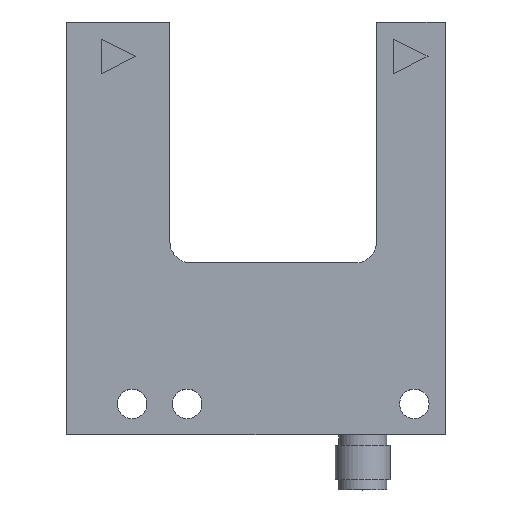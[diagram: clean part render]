
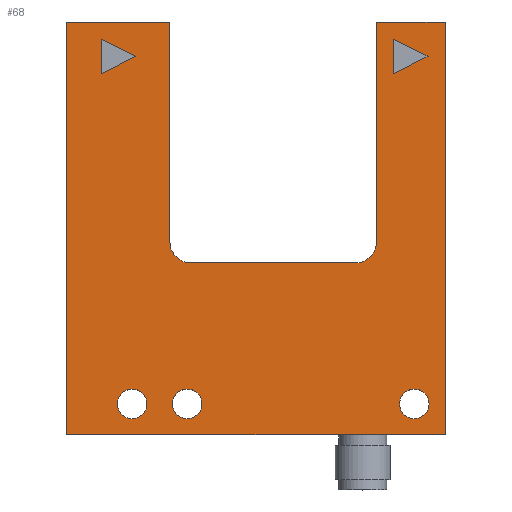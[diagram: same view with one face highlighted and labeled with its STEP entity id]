
A CAD part, top view. The second image highlights one B-rep face of the part: STEP entity #68.
In plain terms, the highlighted planar face has unit normal (0, 0, 1).
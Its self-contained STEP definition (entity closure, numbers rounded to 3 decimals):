
#68=ADVANCED_FACE('',(#172,#173,#174,#175,#176,#177),#178,.T.);
#172=FACE_BOUND('',#322,.T.);
#173=FACE_BOUND('',#323,.T.);
#174=FACE_BOUND('',#324,.T.);
#175=FACE_BOUND('',#325,.T.);
#176=FACE_BOUND('',#326,.T.);
#177=FACE_OUTER_BOUND('',#327,.T.);
#178=PLANE('',#328);
#322=EDGE_LOOP('',(#466,#467,#468));
#323=EDGE_LOOP('',(#469,#470,#471));
#324=EDGE_LOOP('',(#472,#473));
#325=EDGE_LOOP('',(#474,#475));
#326=EDGE_LOOP('',(#476,#477));
#327=EDGE_LOOP('',(#478,#479,#480,#481,#482,#483,#484,#485,#486,#487,#488,#489));
#328=AXIS2_PLACEMENT_3D('',#490,#491,#492);
#466=ORIENTED_EDGE('',*,*,#843,.T.);
#467=ORIENTED_EDGE('',*,*,#844,.T.);
#468=ORIENTED_EDGE('',*,*,#845,.T.);
#469=ORIENTED_EDGE('',*,*,#846,.T.);
#470=ORIENTED_EDGE('',*,*,#847,.T.);
#471=ORIENTED_EDGE('',*,*,#848,.T.);
#472=ORIENTED_EDGE('',*,*,#849,.T.);
#473=ORIENTED_EDGE('',*,*,#850,.T.);
#474=ORIENTED_EDGE('',*,*,#851,.T.);
#475=ORIENTED_EDGE('',*,*,#852,.T.);
#476=ORIENTED_EDGE('',*,*,#853,.T.);
#477=ORIENTED_EDGE('',*,*,#854,.T.);
#478=ORIENTED_EDGE('',*,*,#855,.F.);
#479=ORIENTED_EDGE('',*,*,#856,.F.);
#480=ORIENTED_EDGE('',*,*,#857,.F.);
#481=ORIENTED_EDGE('',*,*,#858,.F.);
#482=ORIENTED_EDGE('',*,*,#859,.F.);
#483=ORIENTED_EDGE('',*,*,#860,.F.);
#484=ORIENTED_EDGE('',*,*,#861,.F.);
#485=ORIENTED_EDGE('',*,*,#862,.F.);
#486=ORIENTED_EDGE('',*,*,#863,.F.);
#487=ORIENTED_EDGE('',*,*,#864,.F.);
#488=ORIENTED_EDGE('',*,*,#865,.F.);
#489=ORIENTED_EDGE('',*,*,#866,.F.);
#490=CARTESIAN_POINT('',(0.567,3.46,5.0));
#491=DIRECTION('',(0.0,0.0,1.0));
#492=DIRECTION('',(1.0,0.0,0.0));
#843=EDGE_CURVE('',#989,#990,#991,.T.);
#844=EDGE_CURVE('',#990,#992,#993,.T.);
#845=EDGE_CURVE('',#992,#989,#994,.T.);
#846=EDGE_CURVE('',#995,#996,#997,.T.);
#847=EDGE_CURVE('',#996,#998,#999,.T.);
#848=EDGE_CURVE('',#998,#995,#1000,.T.);
#849=EDGE_CURVE('',#1001,#1002,#1003,.T.);
#850=EDGE_CURVE('',#1002,#1001,#1004,.T.);
#851=EDGE_CURVE('',#1005,#1006,#1007,.T.);
#852=EDGE_CURVE('',#1006,#1005,#1008,.T.);
#853=EDGE_CURVE('',#1009,#1010,#1011,.T.);
#854=EDGE_CURVE('',#1010,#1009,#1012,.T.);
#855=EDGE_CURVE('',#1013,#1014,#1015,.T.);
#856=EDGE_CURVE('',#1016,#1013,#1017,.T.);
#857=EDGE_CURVE('',#1018,#1016,#1019,.T.);
#858=EDGE_CURVE('',#1020,#1018,#1021,.T.);
#859=EDGE_CURVE('',#1022,#1020,#1023,.T.);
#860=EDGE_CURVE('',#1024,#1022,#1025,.T.);
#861=EDGE_CURVE('',#1026,#1024,#1027,.T.);
#862=EDGE_CURVE('',#1028,#1026,#1029,.T.);
#863=EDGE_CURVE('',#1030,#1028,#1031,.T.);
#864=EDGE_CURVE('',#1032,#1030,#1033,.T.);
#865=EDGE_CURVE('',#1034,#1032,#1035,.T.);
#866=EDGE_CURVE('',#1014,#1034,#1036,.T.);
#989=VERTEX_POINT('',#1203);
#990=VERTEX_POINT('',#1204);
#991=LINE('',#1205,#1206);
#992=VERTEX_POINT('',#1207);
#993=LINE('',#1208,#1209);
#994=LINE('',#1210,#1211);
#995=VERTEX_POINT('',#1212);
#996=VERTEX_POINT('',#1213);
#997=LINE('',#1214,#1215);
#998=VERTEX_POINT('',#1216);
#999=LINE('',#1217,#1218);
#1000=LINE('',#1219,#1220);
#1001=VERTEX_POINT('',#1221);
#1002=VERTEX_POINT('',#1222);
#1003=CIRCLE('',#1223,2.15);
#1004=CIRCLE('',#1224,2.15);
#1005=VERTEX_POINT('',#1225);
#1006=VERTEX_POINT('',#1226);
#1007=CIRCLE('',#1227,2.15);
#1008=CIRCLE('',#1228,2.15);
#1009=VERTEX_POINT('',#1229);
#1010=VERTEX_POINT('',#1230);
#1011=CIRCLE('',#1231,2.15);
#1012=CIRCLE('',#1232,2.15);
#1013=VERTEX_POINT('',#1233);
#1014=VERTEX_POINT('',#1234);
#1015=LINE('',#1235,#1236);
#1016=VERTEX_POINT('',#1237);
#1017=LINE('',#1238,#1239);
#1018=VERTEX_POINT('',#1240);
#1019=LINE('',#1241,#1242);
#1020=VERTEX_POINT('',#1243);
#1021=LINE('',#1244,#1245);
#1022=VERTEX_POINT('',#1246);
#1023=LINE('',#1247,#1248);
#1024=VERTEX_POINT('',#1249);
#1025=CIRCLE('',#1250,3.0);
#1026=VERTEX_POINT('',#1251);
#1027=CIRCLE('',#1252,3.0);
#1028=VERTEX_POINT('',#1253);
#1029=LINE('',#1254,#1255);
#1030=VERTEX_POINT('',#1256);
#1031=CIRCLE('',#1257,3.0);
#1032=VERTEX_POINT('',#1258);
#1033=CIRCLE('',#1259,3.0);
#1034=VERTEX_POINT('',#1260);
#1035=LINE('',#1261,#1262);
#1036=LINE('',#1263,#1264);
#1203=CARTESIAN_POINT('',(25.0,29.0,5.0));
#1204=CARTESIAN_POINT('',(20.0,26.5,5.0));
#1205=CARTESIAN_POINT('',(10.119,21.559,5.0));
#1206=VECTOR('',#1478,1.0);
#1207=CARTESIAN_POINT('',(20.0,31.5,5.0));
#1208=CARTESIAN_POINT('',(20.0,14.98,5.0));
#1209=VECTOR('',#1479,1.0);
#1210=CARTESIAN_POINT('',(17.835,32.583,5.0));
#1211=VECTOR('',#1480,1.0);
#1212=CARTESIAN_POINT('',(-17.5,29.0,5.0));
#1213=CARTESIAN_POINT('',(-22.5,26.5,5.0));
#1214=CARTESIAN_POINT('',(-15.381,30.059,5.0));
#1215=VECTOR('',#1481,1.0);
#1216=CARTESIAN_POINT('',(-22.5,31.5,5.0));
#1217=CARTESIAN_POINT('',(-22.5,14.98,5.0));
#1218=VECTOR('',#1482,1.0);
#1219=CARTESIAN_POINT('',(-7.665,24.083,5.0));
#1220=VECTOR('',#1483,1.0);
#1221=CARTESIAN_POINT('',(25.15,-21.5,5.0));
#1222=CARTESIAN_POINT('',(20.85,-21.5,5.0));
#1223=AXIS2_PLACEMENT_3D('',#1484,#1485,#1486);
#1224=AXIS2_PLACEMENT_3D('',#1487,#1488,#1489);
#1225=CARTESIAN_POINT('',(-7.85,-21.5,5.0));
#1226=CARTESIAN_POINT('',(-12.15,-21.5,5.0));
#1227=AXIS2_PLACEMENT_3D('',#1490,#1491,#1492);
#1228=AXIS2_PLACEMENT_3D('',#1493,#1494,#1495);
#1229=CARTESIAN_POINT('',(-15.85,-21.5,5.0));
#1230=CARTESIAN_POINT('',(-20.15,-21.5,5.0));
#1231=AXIS2_PLACEMENT_3D('',#1496,#1497,#1498);
#1232=AXIS2_PLACEMENT_3D('',#1499,#1500,#1501);
#1233=CARTESIAN_POINT('',(-27.5,-26.0,5.0));
#1234=CARTESIAN_POINT('',(-27.5,34.0,5.0));
#1235=CARTESIAN_POINT('',(-27.5,-26.0,5.0));
#1236=VECTOR('',#1502,1.0);
#1237=CARTESIAN_POINT('',(27.5,-26.0,5.0));
#1238=CARTESIAN_POINT('',(27.5,-26.0,5.0));
#1239=VECTOR('',#1503,1.0);
#1240=CARTESIAN_POINT('',(27.5,34.0,5.0));
#1241=CARTESIAN_POINT('',(27.5,34.0,5.0));
#1242=VECTOR('',#1504,1.0);
#1243=CARTESIAN_POINT('',(17.5,34.0,5.0));
#1244=CARTESIAN_POINT('',(17.5,34.0,5.0));
#1245=VECTOR('',#1505,1.0);
#1246=CARTESIAN_POINT('',(17.5,2.0,5.0));
#1247=CARTESIAN_POINT('',(17.5,2.0,5.0));
#1248=VECTOR('',#1506,1.0);
#1249=CARTESIAN_POINT('',(16.621,-0.121,5.0));
#1250=AXIS2_PLACEMENT_3D('',#1507,#1508,#1509);
#1251=CARTESIAN_POINT('',(14.5,-1.,5.0));
#1252=AXIS2_PLACEMENT_3D('',#1510,#1511,#1512);
#1253=CARTESIAN_POINT('',(-9.5,-1.,5.0));
#1254=CARTESIAN_POINT('',(-9.5,-1.,5.0));
#1255=VECTOR('',#1513,1.0);
#1256=CARTESIAN_POINT('',(-11.621,-0.121,5.0));
#1257=AXIS2_PLACEMENT_3D('',#1514,#1515,#1516);
#1258=CARTESIAN_POINT('',(-12.5,2.0,5.0));
#1259=AXIS2_PLACEMENT_3D('',#1517,#1518,#1519);
#1260=CARTESIAN_POINT('',(-12.5,34.0,5.0));
#1261=CARTESIAN_POINT('',(-12.5,34.0,5.0));
#1262=VECTOR('',#1520,1.0);
#1263=CARTESIAN_POINT('',(-27.5,34.0,5.0));
#1264=VECTOR('',#1521,1.0);
#1478=DIRECTION('',(-0.894,-0.447,0.0));
#1479=DIRECTION('',(0.0,1.0,0.0));
#1480=DIRECTION('',(0.894,-0.447,0.0));
#1481=DIRECTION('',(-0.894,-0.447,0.0));
#1482=DIRECTION('',(0.0,1.0,0.0));
#1483=DIRECTION('',(0.894,-0.447,0.0));
#1484=CARTESIAN_POINT('',(23.0,-21.5,5.0));
#1485=DIRECTION('',(0.0,0.0,-1.0));
#1486=DIRECTION('',(1.0,0.0,0.0));
#1487=CARTESIAN_POINT('',(23.0,-21.5,5.0));
#1488=DIRECTION('',(0.0,0.0,-1.0));
#1489=DIRECTION('',(1.0,0.0,0.0));
#1490=CARTESIAN_POINT('',(-10.0,-21.5,5.0));
#1491=DIRECTION('',(0.0,0.0,-1.0));
#1492=DIRECTION('',(1.0,0.0,0.0));
#1493=CARTESIAN_POINT('',(-10.0,-21.5,5.0));
#1494=DIRECTION('',(0.0,0.0,-1.0));
#1495=DIRECTION('',(1.0,0.0,0.0));
#1496=CARTESIAN_POINT('',(-18.0,-21.5,5.0));
#1497=DIRECTION('',(0.0,0.0,-1.0));
#1498=DIRECTION('',(1.0,0.0,0.0));
#1499=CARTESIAN_POINT('',(-18.0,-21.5,5.0));
#1500=DIRECTION('',(0.0,0.0,-1.0));
#1501=DIRECTION('',(1.0,0.0,0.0));
#1502=DIRECTION('',(0.0,1.0,0.0));
#1503=DIRECTION('',(-1.0,0.0,0.0));
#1504=DIRECTION('',(0.0,-1.0,0.0));
#1505=DIRECTION('',(1.0,0.0,0.0));
#1506=DIRECTION('',(0.0,1.0,0.0));
#1507=CARTESIAN_POINT('',(14.5,2.0,5.0));
#1508=DIRECTION('',(0.0,0.0,1.0));
#1509=DIRECTION('',(0.707,-0.707,0.0));
#1510=CARTESIAN_POINT('',(14.5,2.0,5.0));
#1511=DIRECTION('',(0.0,0.0,1.0));
#1512=DIRECTION('',(0.707,-0.707,0.0));
#1513=DIRECTION('',(1.0,0.0,0.0));
#1514=CARTESIAN_POINT('',(-9.5,2.0,5.0));
#1515=DIRECTION('',(0.0,0.0,1.0));
#1516=DIRECTION('',(-0.707,-0.707,0.0));
#1517=CARTESIAN_POINT('',(-9.5,2.0,5.0));
#1518=DIRECTION('',(0.0,0.0,1.0));
#1519=DIRECTION('',(-0.707,-0.707,0.0));
#1520=DIRECTION('',(0.0,-1.0,0.0));
#1521=DIRECTION('',(1.0,0.0,0.0));

**Work required**
Restate word for word the entries above from the line with "#1016=VERTEX_POINT('',#1237);" through the line with "#1238=CARTESIAN_POINT('',(27.5,-26.0,5.0));", inclusive, leaving out everything else.

**Answer below**
#1016=VERTEX_POINT('',#1237);
#1017=LINE('',#1238,#1239);
#1018=VERTEX_POINT('',#1240);
#1019=LINE('',#1241,#1242);
#1020=VERTEX_POINT('',#1243);
#1021=LINE('',#1244,#1245);
#1022=VERTEX_POINT('',#1246);
#1023=LINE('',#1247,#1248);
#1024=VERTEX_POINT('',#1249);
#1025=CIRCLE('',#1250,3.0);
#1026=VERTEX_POINT('',#1251);
#1027=CIRCLE('',#1252,3.0);
#1028=VERTEX_POINT('',#1253);
#1029=LINE('',#1254,#1255);
#1030=VERTEX_POINT('',#1256);
#1031=CIRCLE('',#1257,3.0);
#1032=VERTEX_POINT('',#1258);
#1033=CIRCLE('',#1259,3.0);
#1034=VERTEX_POINT('',#1260);
#1035=LINE('',#1261,#1262);
#1036=LINE('',#1263,#1264);
#1203=CARTESIAN_POINT('',(25.0,29.0,5.0));
#1204=CARTESIAN_POINT('',(20.0,26.5,5.0));
#1205=CARTESIAN_POINT('',(10.119,21.559,5.0));
#1206=VECTOR('',#1478,1.0);
#1207=CARTESIAN_POINT('',(20.0,31.5,5.0));
#1208=CARTESIAN_POINT('',(20.0,14.98,5.0));
#1209=VECTOR('',#1479,1.0);
#1210=CARTESIAN_POINT('',(17.835,32.583,5.0));
#1211=VECTOR('',#1480,1.0);
#1212=CARTESIAN_POINT('',(-17.5,29.0,5.0));
#1213=CARTESIAN_POINT('',(-22.5,26.5,5.0));
#1214=CARTESIAN_POINT('',(-15.381,30.059,5.0));
#1215=VECTOR('',#1481,1.0);
#1216=CARTESIAN_POINT('',(-22.5,31.5,5.0));
#1217=CARTESIAN_POINT('',(-22.5,14.98,5.0));
#1218=VECTOR('',#1482,1.0);
#1219=CARTESIAN_POINT('',(-7.665,24.083,5.0));
#1220=VECTOR('',#1483,1.0);
#1221=CARTESIAN_POINT('',(25.15,-21.5,5.0));
#1222=CARTESIAN_POINT('',(20.85,-21.5,5.0));
#1223=AXIS2_PLACEMENT_3D('',#1484,#1485,#1486);
#1224=AXIS2_PLACEMENT_3D('',#1487,#1488,#1489);
#1225=CARTESIAN_POINT('',(-7.85,-21.5,5.0));
#1226=CARTESIAN_POINT('',(-12.15,-21.5,5.0));
#1227=AXIS2_PLACEMENT_3D('',#1490,#1491,#1492);
#1228=AXIS2_PLACEMENT_3D('',#1493,#1494,#1495);
#1229=CARTESIAN_POINT('',(-15.85,-21.5,5.0));
#1230=CARTESIAN_POINT('',(-20.15,-21.5,5.0));
#1231=AXIS2_PLACEMENT_3D('',#1496,#1497,#1498);
#1232=AXIS2_PLACEMENT_3D('',#1499,#1500,#1501);
#1233=CARTESIAN_POINT('',(-27.5,-26.0,5.0));
#1234=CARTESIAN_POINT('',(-27.5,34.0,5.0));
#1235=CARTESIAN_POINT('',(-27.5,-26.0,5.0));
#1236=VECTOR('',#1502,1.0);
#1237=CARTESIAN_POINT('',(27.5,-26.0,5.0));
#1238=CARTESIAN_POINT('',(27.5,-26.0,5.0));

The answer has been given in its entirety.